Ces précautions prises, il alla s’asseoir un moment dans un fauteuil, la tête dans ses mains, goûtant à sa valeur le silence profond qui enveloppait la maison où tout le monde, hormis lui et Judith, devait dormir car, dès son retour, il avait envoyé Zébulon se coucher. Sur l’écran noir de ses paumes, la scène du jardin se retraça irritante comme une piqûre d’insecte que l’on a grattée. Il revit Judith renversée, le buste nu et les yeux clos entre les bras de cet insupportable fat de Rendières, et chercha à comprendre. Il n’avait pas pris au sérieux, tout à l’heure, sa menace de se donner à un autre homme et il avait eu tort. Fût-il arrivé quelques minutes plus tard qu’il eût sans doute trouvé sa femme en train d’assouvir le désir de son amoureux… et peut-être le sien propre. Curieusement, il n’éprouvait aucune colère contre elle. C’était à lui-même qu’il en voulait. À lui qui, absorbé par l’amour insensé qu’il portait à une enfant de dix-huit ans, autant que par le doute terrible qu’il traînait depuis la mort de Rozenn, avait laissé seule en butte à tous les désirs, à toutes les tentations d’une île où la volupté avait droit de cité autant qu’à Cythère et se levait pour appeler à tous les coins de rues, une femme en pleine jeunesse et pleine beauté. Une femme qui aimait l’amour et qui, frustrée, était peut-être en train de devenir une nymphomane…
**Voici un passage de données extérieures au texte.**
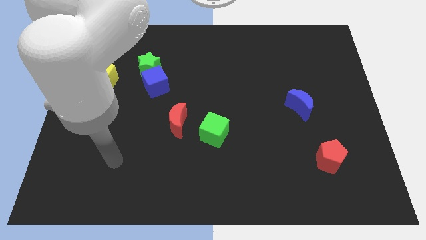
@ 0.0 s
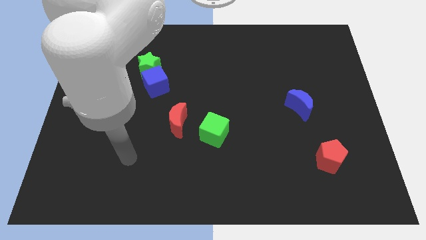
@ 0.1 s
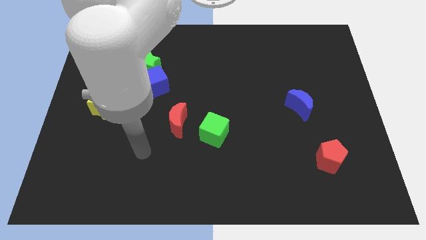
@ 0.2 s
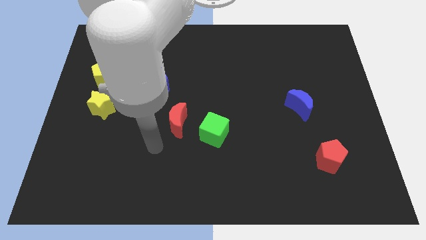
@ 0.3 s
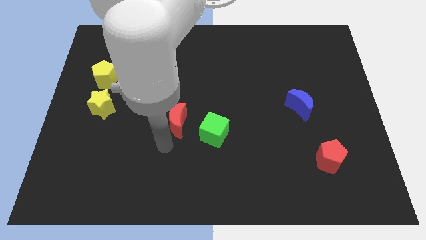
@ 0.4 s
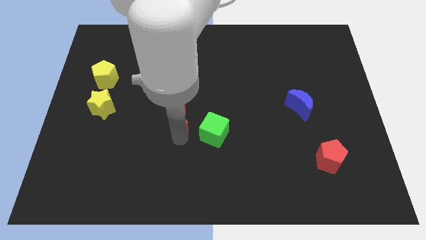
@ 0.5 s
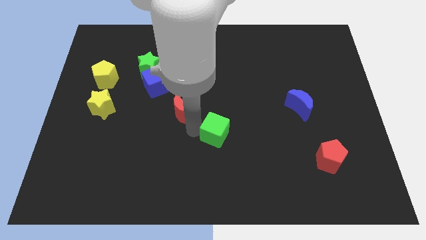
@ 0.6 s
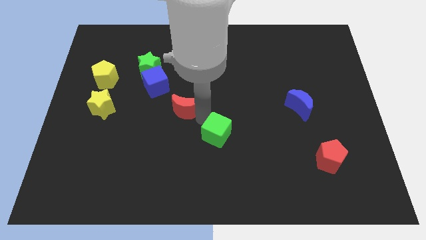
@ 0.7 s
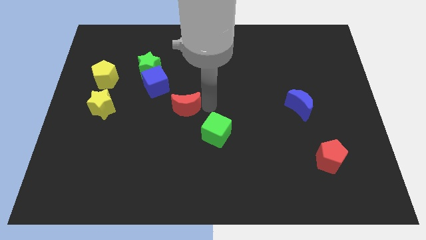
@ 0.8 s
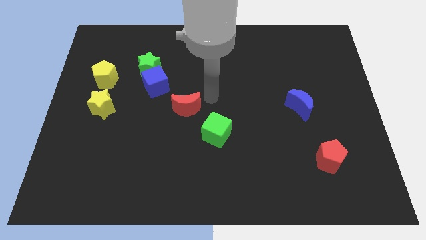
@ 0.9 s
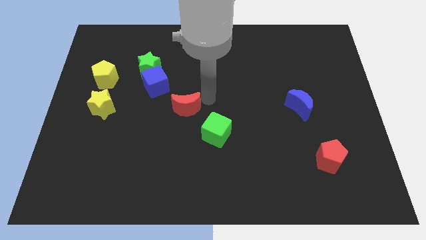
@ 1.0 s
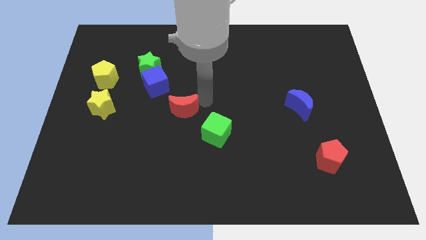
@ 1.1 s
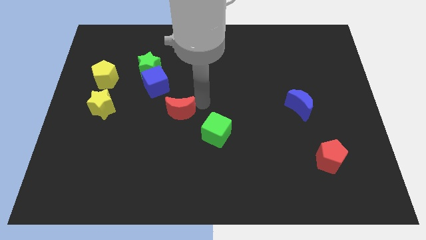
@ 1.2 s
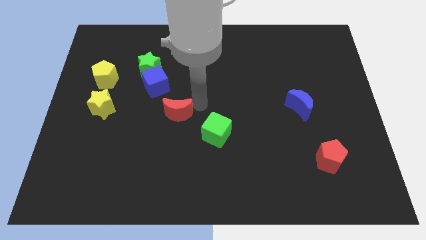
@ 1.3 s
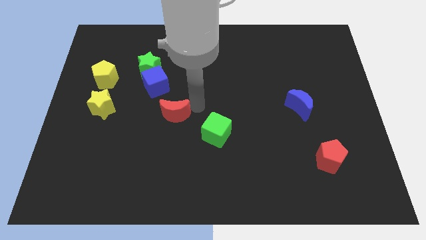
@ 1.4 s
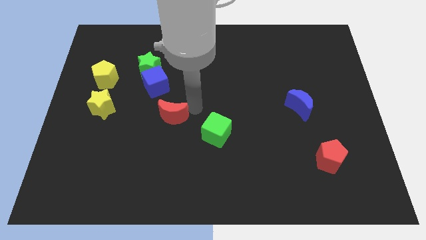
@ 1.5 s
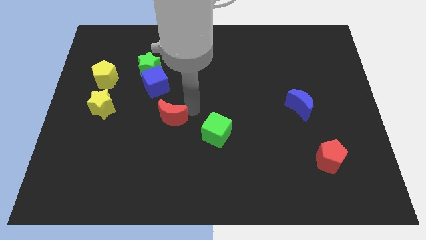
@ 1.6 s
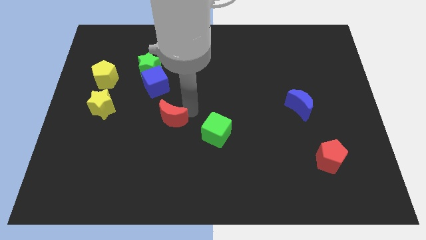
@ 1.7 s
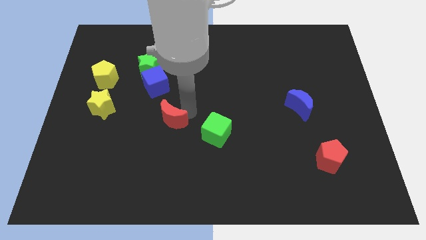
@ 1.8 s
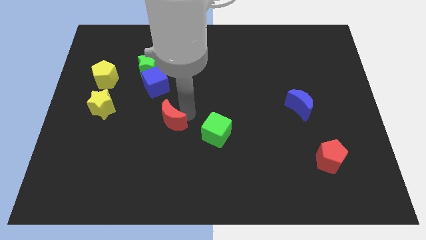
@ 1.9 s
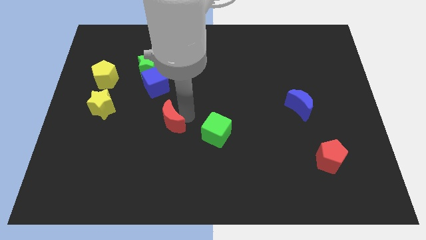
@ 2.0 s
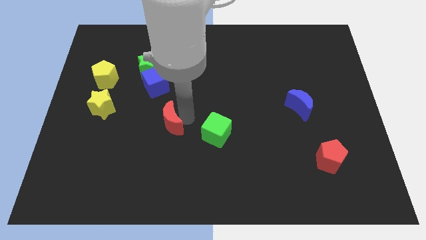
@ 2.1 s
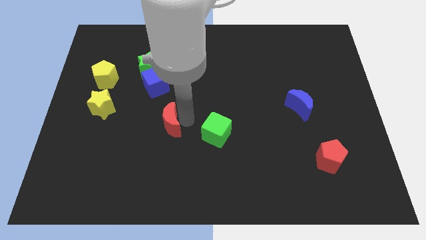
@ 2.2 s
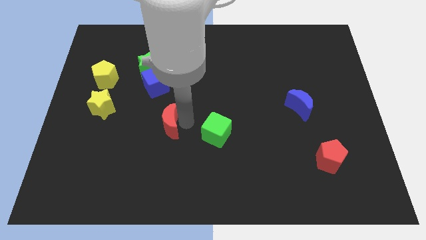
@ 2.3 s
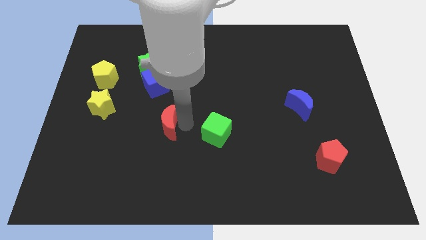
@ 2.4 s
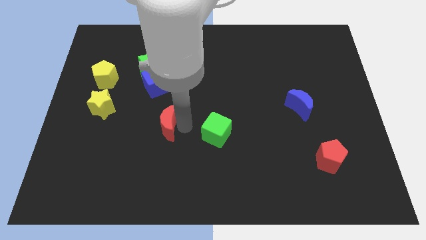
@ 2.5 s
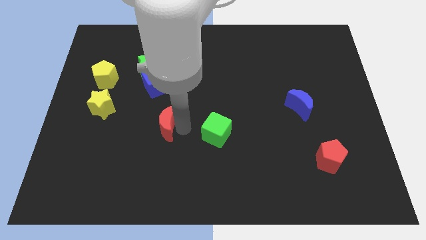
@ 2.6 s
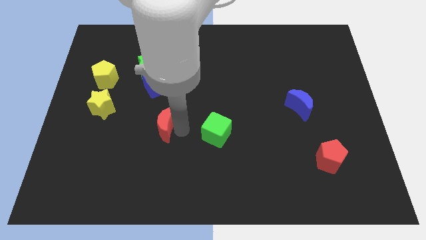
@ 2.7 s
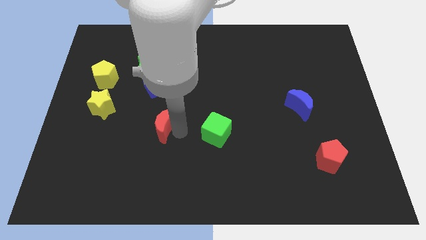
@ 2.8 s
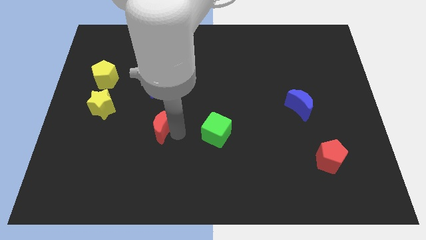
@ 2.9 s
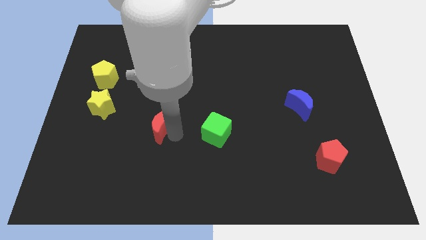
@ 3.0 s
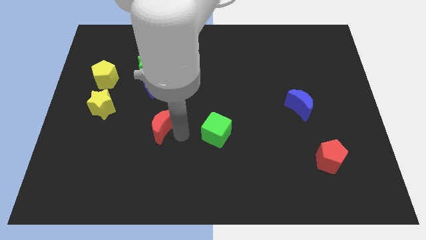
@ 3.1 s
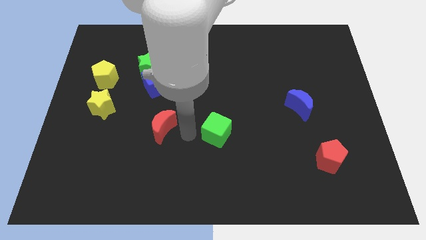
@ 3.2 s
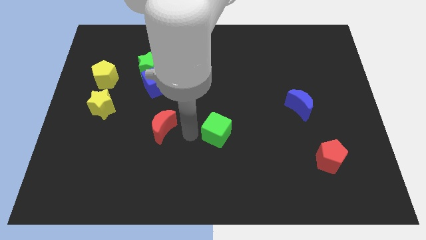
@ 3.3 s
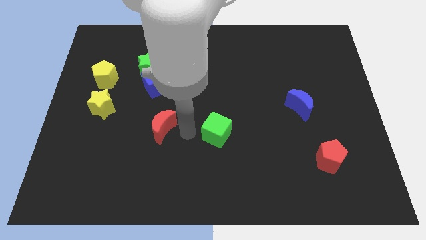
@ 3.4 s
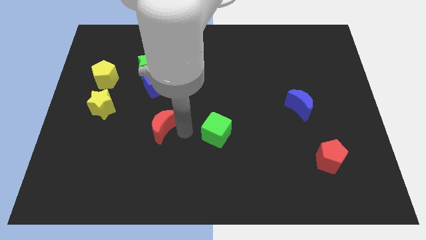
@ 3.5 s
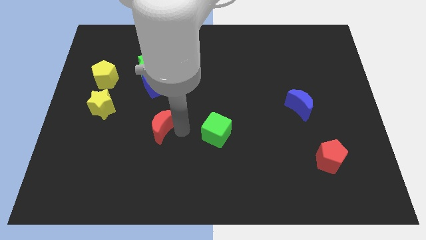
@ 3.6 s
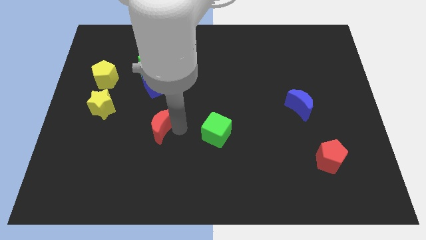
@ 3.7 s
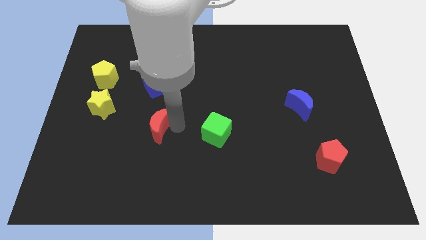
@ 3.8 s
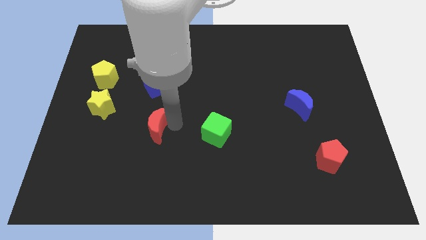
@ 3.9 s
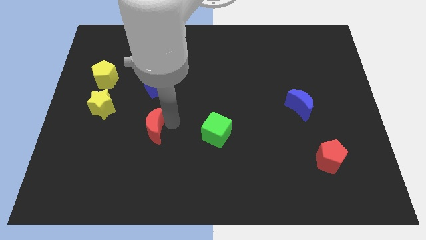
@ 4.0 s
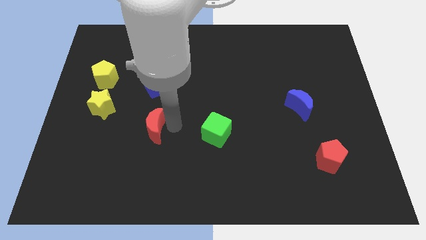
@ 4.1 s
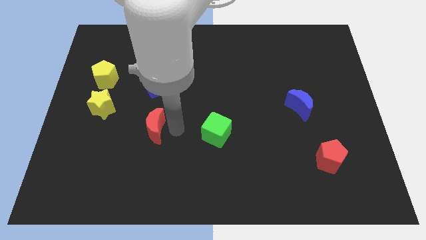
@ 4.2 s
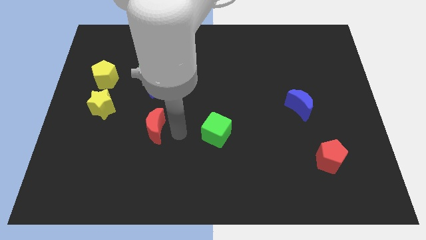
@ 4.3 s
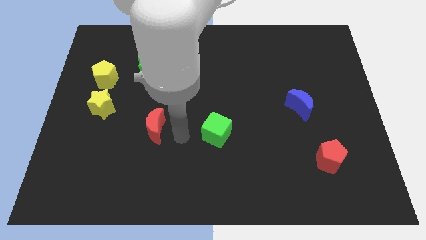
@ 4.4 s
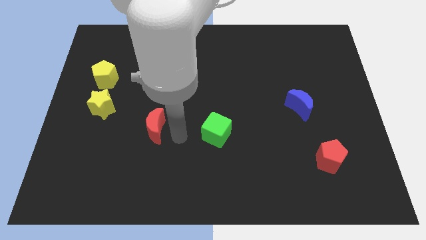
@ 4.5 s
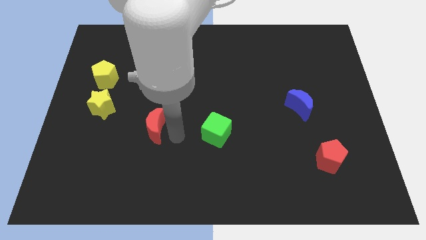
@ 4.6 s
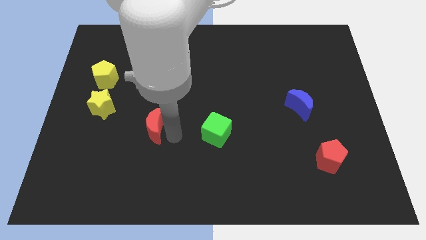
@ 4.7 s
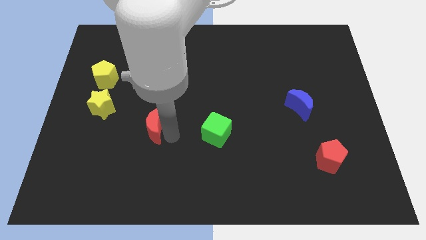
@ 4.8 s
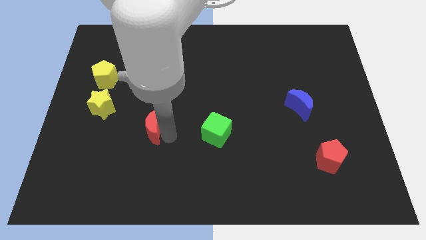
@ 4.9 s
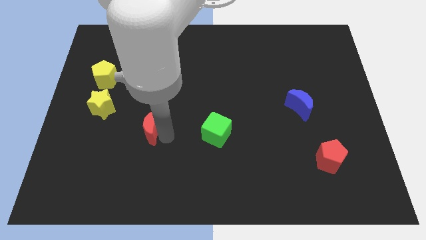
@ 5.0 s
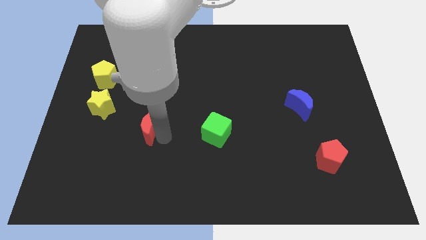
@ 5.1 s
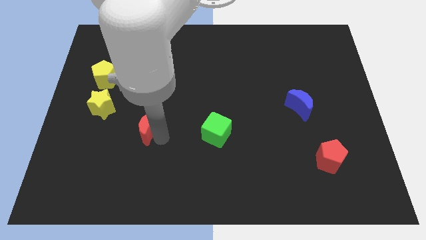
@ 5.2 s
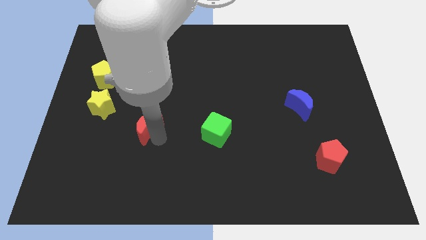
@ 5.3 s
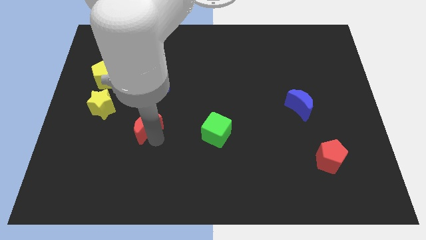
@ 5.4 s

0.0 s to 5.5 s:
push the red moon left a little bit

Lentement, il ôta son habit de soie blanche qu’il jeta sur une chaise, se déshabilla entièrement puis se glissa dans une ample robe chinoise noir et or qu’il avait trouvée chez Tsing-Tcha, le savant et industrieux ami de Liam Finnegan. Puis allant jusqu’à un cabaret de salon placé dans un coin de sa chambre, il y prit un verre, un flacon d’épais rhum noir et s’en versa une rasade sérieuse qu’il avala d’un trait.

Demain, il mourrait peut-être car le plus habile tireur ne peut rien contre les arrêts du Destin. Mais, n’ayant aucune affaire à mettre en ordre car ses dispositions en cas de mort subite étaient prises depuis longtemps, il n’avait pas envie de s’attarder plus longuement à ressasser des pensées amères ou déprimantes. La seule façon d’attendre convenablement l’heure d’aller offrir sa poitrine aux balles de Rendières, c’était, outre dormir, ce qui était exclu car il n’avait pas sommeil, de goûter longuement, voluptueusement, à la douceur d’un corps de femme. Et aucune femme n’était plus belle que Judith…

Quittant sa chambre par la haute porte-fenêtre, il traversa la terrasse, couverte de chèvrefeuille et de roses grimpantes, qui unissait, comme un trait d’union, son appartement à celui de sa femme, atteignit la fenêtre de Judith et, sans frapper, ouvrit doucement le vantail transparent.

La grande chambre blanche n’était éclairée, elle aussi, que par une veilleuse qui diffusait une lumière nacrée sur les tentures de soie neigeuse. Judith, elle-même, était debout au milieu de cette chambre, vêtue d’un ample peignoir de mousseline qui embuait son corps plus qu’il ne l’habillait. Son opulente chevelure rousse, dénouée sur ses épaules, l’auréolait d’or roux. Ses larges yeux noirs avaient l’expression craintive et suppliante d’une bête qui attend le coup de grâce.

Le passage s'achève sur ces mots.